The share contract occurs when the government grants the agent a fixed percentage of all tax revenue received.  This is the system which is currently proposed by the U.S. government.  Share contracts were also used in pre-revolutionary France, India, China and Medieval Egypt.  The model Cosgel and Miceli employ is one of a tax collector attempting to maximize utility by choosing an effort level ‘e‘:

  • U=E[f(e)B-T(f(e)B)]-e

The tax base is represented by ‘B‘ and ‘f(e)‘ is a stochastic function.  The compensation to the tax collector ‘T()‘ is a function of the total revenue collected.  The first order condition for this model is:

  • f’(e)E[B(1-T')]=1

Once the collector chooses the optimal e*, the value of the tax collection to the government is:

  • f(e*)E[B]-e*-k-u

where ‘u‘ is the reservation utility and ‘k‘ is the fixed cost to measuring the tax.

Rent Contract

In a rent contract the collector would pay the government a fixed amount and in turn would receive the right to all taxes of the specified area in return.  Republican Rome, the Abbasid Empire and the Ottomans all heavily used rent contracts.  Sometimes these contracts were given to military officers in lieu of wage payments for their services.  The objective function and first order conditions for the tax collector are below:

  • U=f(e)B-e-T(B)
  • f’(e)B=1

The rent contract is the only one in which effort is state contingent [e* is a function of the stochastic variable 'B'], because the tax collector’s payment to the government is determined ex ante but the actual revenue ‘R‘ is determined ex post. 
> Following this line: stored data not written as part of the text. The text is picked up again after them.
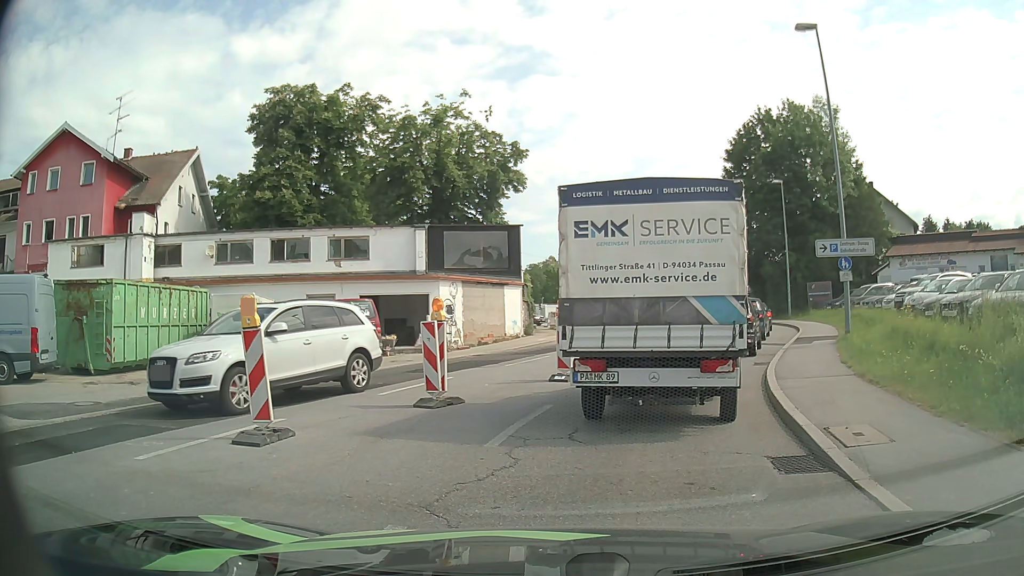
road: tertiary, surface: asphalt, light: Day
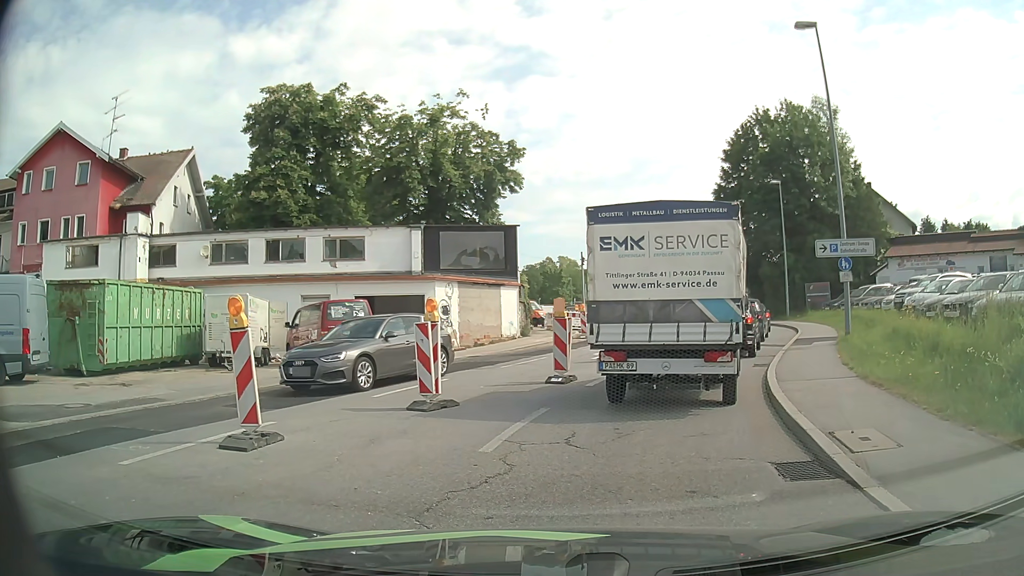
(0.0, +0.2) m; 0°
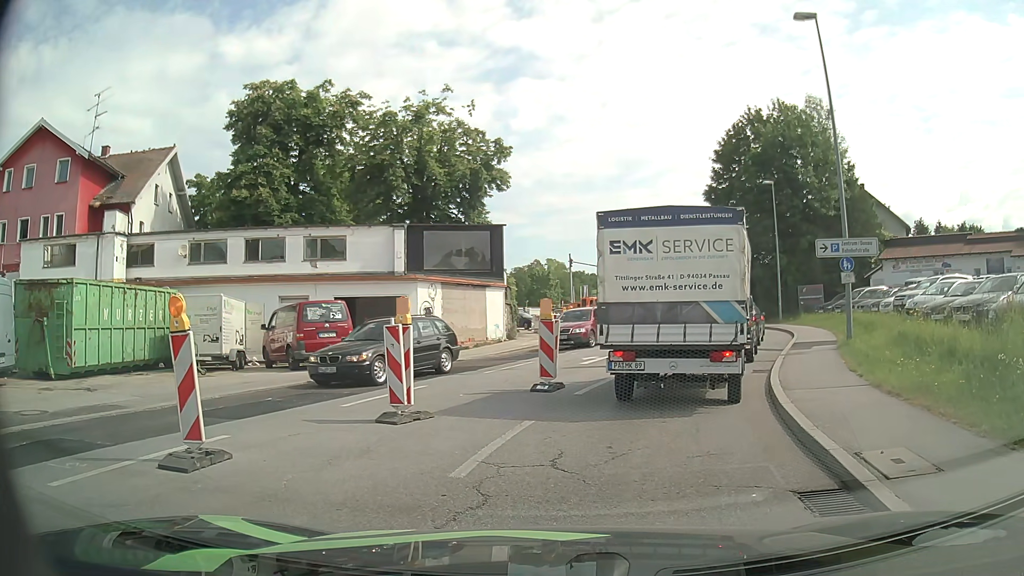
(0.0, +1.0) m; 0°
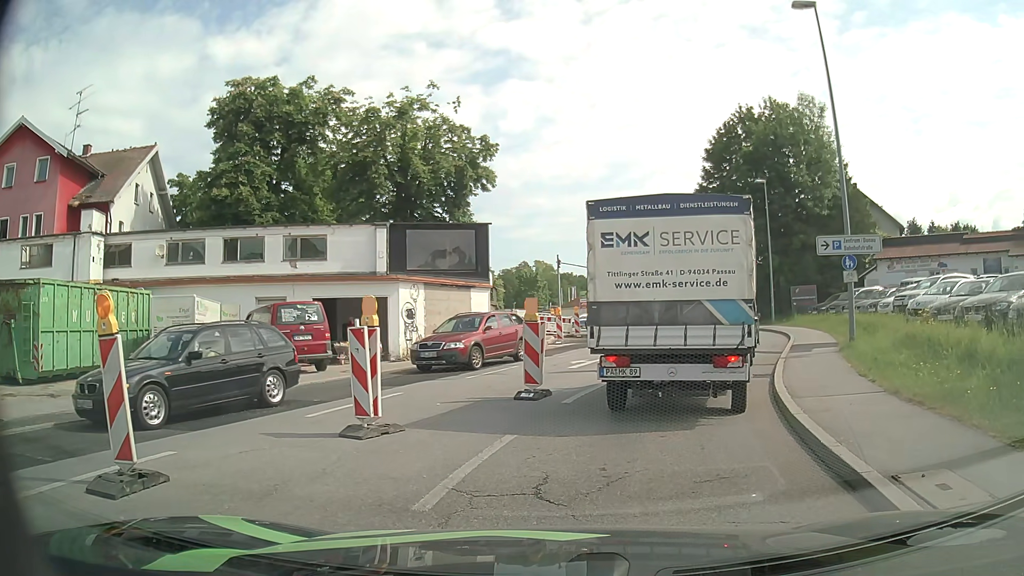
(0.0, +1.0) m; 0°
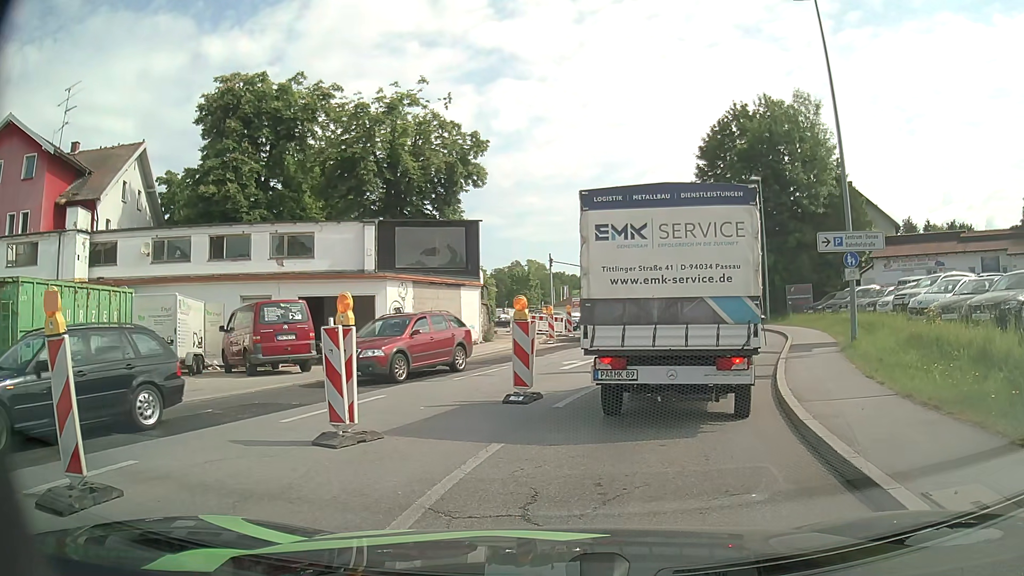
(0.0, +0.6) m; 0°
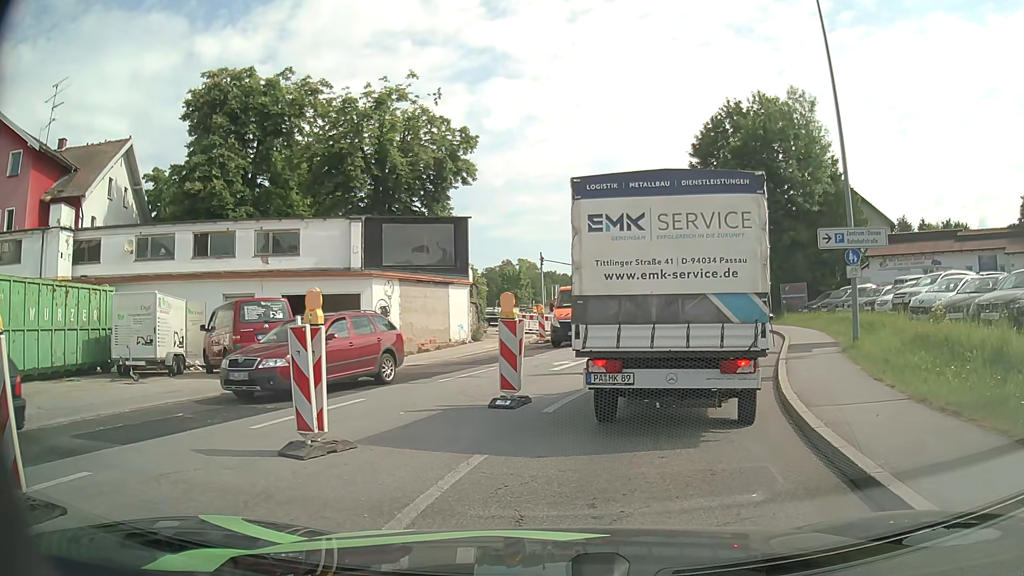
(0.0, +0.7) m; 0°
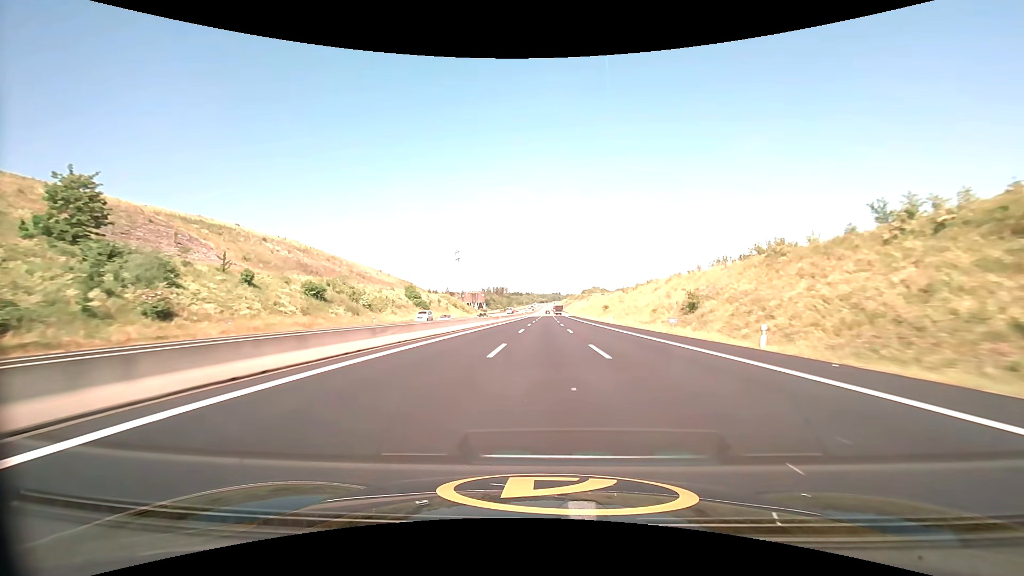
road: motorway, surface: asphalt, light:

The return for the government is:

  • V=E[f(e*(B))B-e*(B)]-m-u

Here, effort is a function of the tax base since more effort will be put forth when the tax base is larger.  The cost of the government verifying the tax base is ‘m’, however if there is competitive bidding for the contract, then m=0.

Wage Contract

Wage or salaried workers are the most common form of compensation for tax collectors today.  Eighteenth century Sweden and Russia used salaried agents to collect taxes.  After tax collection cartels in England (The Great Farm) and France (Ferme Générale) reduced the percentage of tax revenue the governments were receiving, both countries switched to a salaried system in the mid to late 18th century.  The objective function and FOC for this model are below:

  • U=f(e)E[B]-se-w(e),    s.t.: w(e)-e>u
  • f’(e)E[B]=1+s

Here ‘s‘ is the cost of monitoring.  In this model, the government receives:

  • V=f(e*(s))E[B]-e*(s)(1+s)-u

Analysis

The main determinant of which method to choose is to see whether it is more costly 1) to verify tax revenue, 2) to verify the tax base, or 3) to verify worker effort.  The three options correspond to a high level of 1) k 2) m  and 3) s.  Share contracts are not very common since it is often very difficult to determine how much tax revenue has been received.  The tax collectors could hide the revenue.  Verifying the tax base is often difficult in rural areas where farmers produce agricultural products.  Valuing crops for tax purposes is often difficult. 

The authors claim that the Ottoman empire used rent contracts for longer than did England or France because the tax base was easily calculated prior to the 19th century.  Surveys were conducted every twenty to thirty years and would remain relatively accurate.  At the beginning of the 20th century, the authors claim that the tax base became more variable due to “demographic and socio-economic transformations” yet the authors do not specify which transformations these are.  Nevertheless, when the Ottomans moved to a salaried system of bureaucrats in the late 19th century, the authors claim that these “transformations” (which increased the variability of the tax base) were the cause of this institutional change.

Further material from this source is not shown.